Chapitre 44 — L'incendie

Chapitre 44

Chapitre 44 — L'incendie

Chapitre 44/5088%~8 min de lecture1 538 mots

Xu Jingyang marqua une pause. « Désormais, tu peux aller et venir à ta guise dans mes quartiers. Je te demande seulement de me prêter assistance quand j'en aurai besoin ; sinon, je ne te restreindrai pas. »

Hanlu joignit les mains avec respect. « Commandez comme bon vous semble, Demoiselle aînée. Puisque le Prince m'a envoyée ici, je vous servirai de tout mon cœur. »

« Bien, dit Xu Jingyang, un éclair d'approbation dans ses yeux de phénix. Zhuying, emmène Hanlu à sa chambre et mets-la au courant des affaires de la maison. »

« Oui, Demoiselle aînée », répondirent Zhuying et Hanlu à l'unisson avant de se retirer.

Xu Jingyang demeura un moment en silencieuse méditation. Une garde jurée à mort comme Hanlu, envoyée par Xiao Heye, était autant un informateur qu'une aide. En présence de Hanlu, Xu Jingyang savait qu'elle devait encore rester sur ses gardes.

Au crépuscule, le soleil couchant projetait des ombres rouge sang sur la résidence.

Dans les cuisines de la résidence du Duc de Wei, l'atmosphère était fébrile tandis que les fourneaux grondaient et que les marmites s'entrechoquaient. Les cuisiniers s'affairaient à préparer les repas du soir pour les diverses cours.

La nourrice Ruan, servante de gestion, occupait un grand fourneau. Avant même qu'elle pût allumer le feu, elle fut poussée de côté par un coup de pied brutal.

« Aïe ! » La nourrice Ruan roula sur le sol, grimaçant de douleur. Se relevant en hâte, elle cingla aussitôt : « Qui a fait ça ? »

En levant les yeux, elle vit la nourrice Qing debout là avec plusieurs suivants, les mains sur les hanches et le regard mauvais. L'expression de la nourrice Ruan changea sur-le-champ. Elle tomba à genoux. « Nourrice Qing, je ne savais pas que c'était vous. La Maîtresse a-t-elle des consignes ? »

La nourrice Qing la toisa d'un regard perçant et condescendant. « Ce nid d'hirondelle au sang sur ton fourneau — pour qui est-il ? »

« Il… il a été demandé par la cour de la concubine Pan, expliqua prudemment la nourrice Ruan. La concubine Pan est de constitution froide. Le Maître, pris de pitié pour elle, a fait porter les ingrédients par une servante. »

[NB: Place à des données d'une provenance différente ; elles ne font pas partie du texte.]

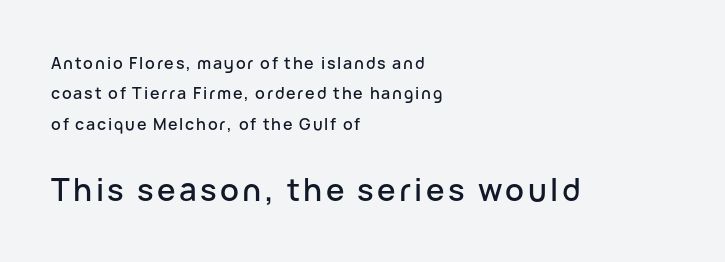
Q: Is the text italic (slanted)? A: No, it is upright.
Q: Is the typeface a serif or a sans-serif typeface? A: Sans-serif.
Q: Is the text underlined? A: No.
Q: How is the paragraph aligned? A: Left-aligned.
Q: Is the spacing between lines tight, normal or loose? A: Loose.
Q: Which block of text is set in a larger size, the first (top) or the second (bottom)? A: The second (bottom) one.
Q: Width (condensed, normal, or wide)? A: Normal.
Q: Stroke contrast? A: Low.
Q: x-height? A: Medium.
Q: Monospaced? A: No.
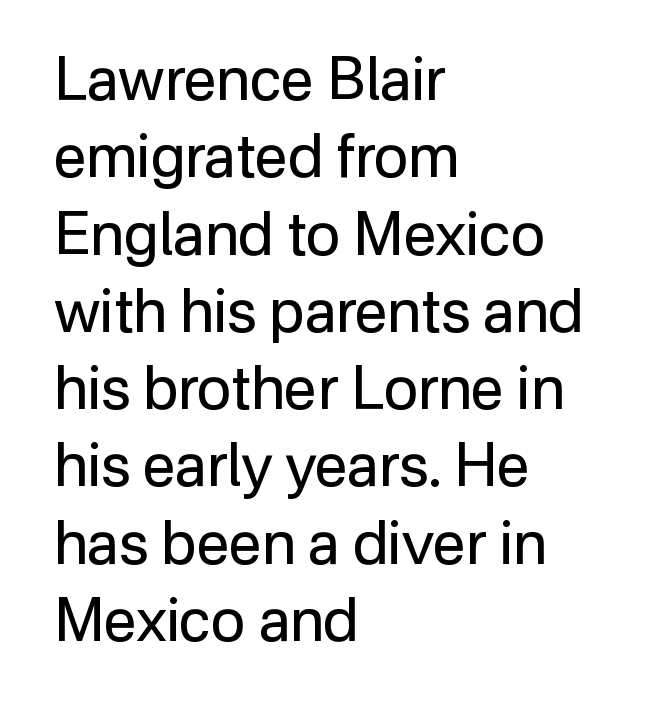
Q: Is the text bold? A: No.
Q: Is the text italic (slanted)? A: No, it is upright.
Q: Is the typeface a serif or a sans-serif typeface? A: Sans-serif.
Q: Is the text underlined? A: No.
Q: How is the paragraph aligned? A: Left-aligned.
Q: Is the spacing between letters normal or unusually wide? A: Normal.
Q: Is the spacing between lines tight, normal or loose? A: Normal.
Q: Width (condensed, normal, or wide)? A: Normal.
Q: Stroke contrast? A: Low.
Q: x-height? A: Medium.
Q: Monospaced? A: No.
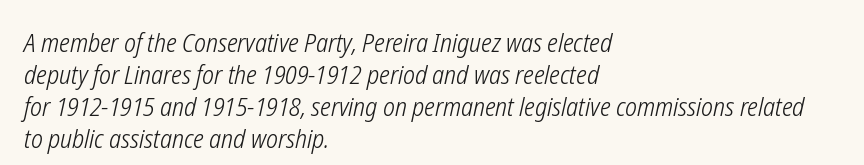
{"italic": "yes", "lean": "right", "slant_degrees": 12, "bold": "no", "underline": "no", "align": "left", "line_spacing_ratio": 1.23, "letter_spacing": "normal", "letter_spacing_em": 0.0, "glyph_px": 26}
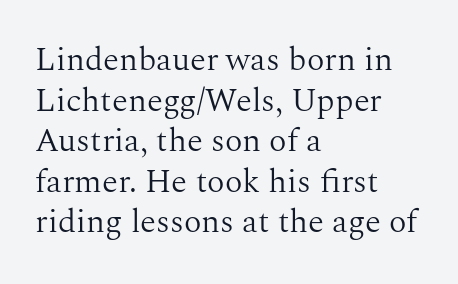
The image shows 33 px light serif type, upright; set left-aligned, line spacing 1.23x, normal letter spacing, not underlined; medium stroke contrast and a medium x-height.
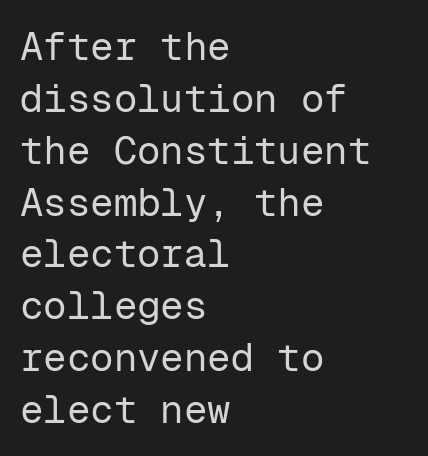
Q: Is the text bold? A: No.
Q: Is the text italic (slanted)? A: No, it is upright.
Q: Is the typeface a serif or a sans-serif typeface? A: Sans-serif.
Q: Is the text underlined? A: No.
Q: How is the paragraph aligned? A: Left-aligned.
Q: Is the spacing between letters normal or unusually wide? A: Normal.
Q: Is the spacing between lines tight, normal or loose? A: Normal.
Q: Width (condensed, normal, or wide)? A: Normal.
Q: Stroke contrast? A: Low.
Q: x-height? A: Medium.
Q: Monospaced? A: Yes.
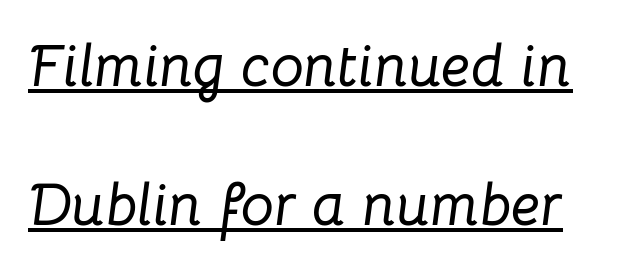
{"italic": "yes", "lean": "right", "slant_degrees": 8, "width": "normal", "stroke_contrast": "low", "x_height": "medium", "monospaced": "no", "underline": "yes", "line_spacing": "loose", "line_spacing_ratio": 2.36, "letter_spacing": "normal", "letter_spacing_em": 0.0, "glyph_px": 59}
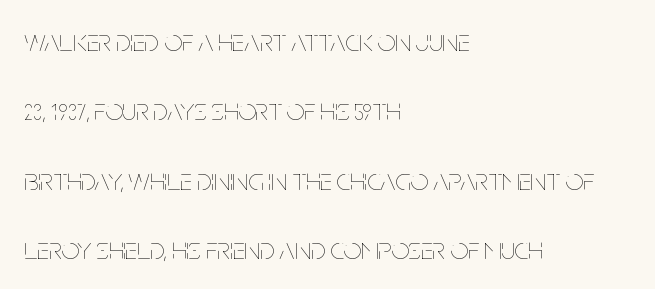
Q: Is the text bold? A: No.
Q: Is the text italic (slanted)? A: No, it is upright.
Q: Is the text underlined? A: No.
Q: How is the paragraph aligned? A: Left-aligned.
Q: Is the spacing between letters normal or unusually wide? A: Normal.
Q: Is the spacing between lines tight, normal or loose? A: Loose.
Q: Width (condensed, normal, or wide)? A: Condensed.
Q: Stroke contrast? A: Low.
Q: x-height? A: Large.
Q: Monospaced? A: No.
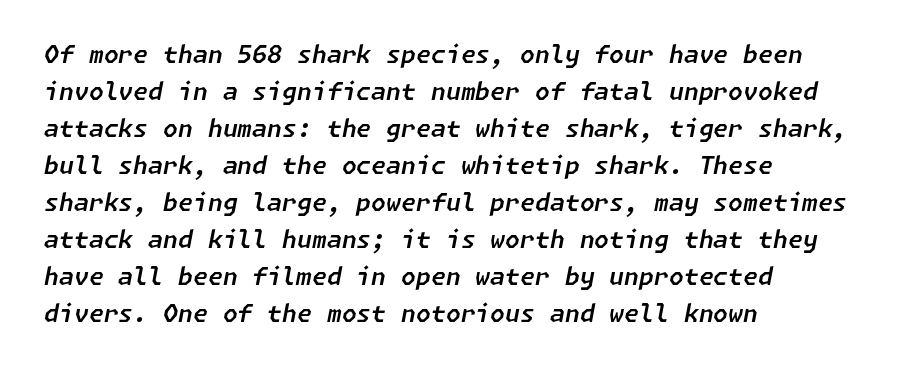
Q: Is the text italic (slanted)? A: Yes, it leans right by about 11 degrees.
Q: Is the text underlined? A: No.
Q: How is the paragraph aligned? A: Left-aligned.
Q: Is the spacing between letters normal or unusually wide? A: Normal.
Q: Is the spacing between lines tight, normal or loose? A: Normal.

« Laisse-moi te demander une chose : quelle heure est-il ? La cuisine est-elle faite pour cuisiner les repas, oui ou non ? »

« Nourrice Qing, je n'ai utilisé que ce seul fourneau… »

La nourrice Qing ricana, la coupant. « Ce n'est qu'un nid d'hirondelle ; ça se mange à toute heure. Faut-il qu'il occupe un fourneau maintenant ? Ne sais-tu pas que la Maîtresse est souffrante ces derniers jours et a besoin qu'on lui prépare son remède ? »

La nourrice Ruan hésita, pointant les six grands et quatre petits fourneaux à proximité. « Nourrice Qing, il y a d'autres fourneaux disponibles là-bas… »

Avant qu'elle pût finir, la nourrice Qing lui décocha un nouveau coup de pied. La nourrice Ruan s'écrasa contre un étal de légumes, une pluie de choux s'abattant sur sa tête. Bien que souffrante, elle n'osa émettre un son. La nourrice Qing était la gestionnaire en chef auprès de la Maîtresse ; nul n'osait l'offenser.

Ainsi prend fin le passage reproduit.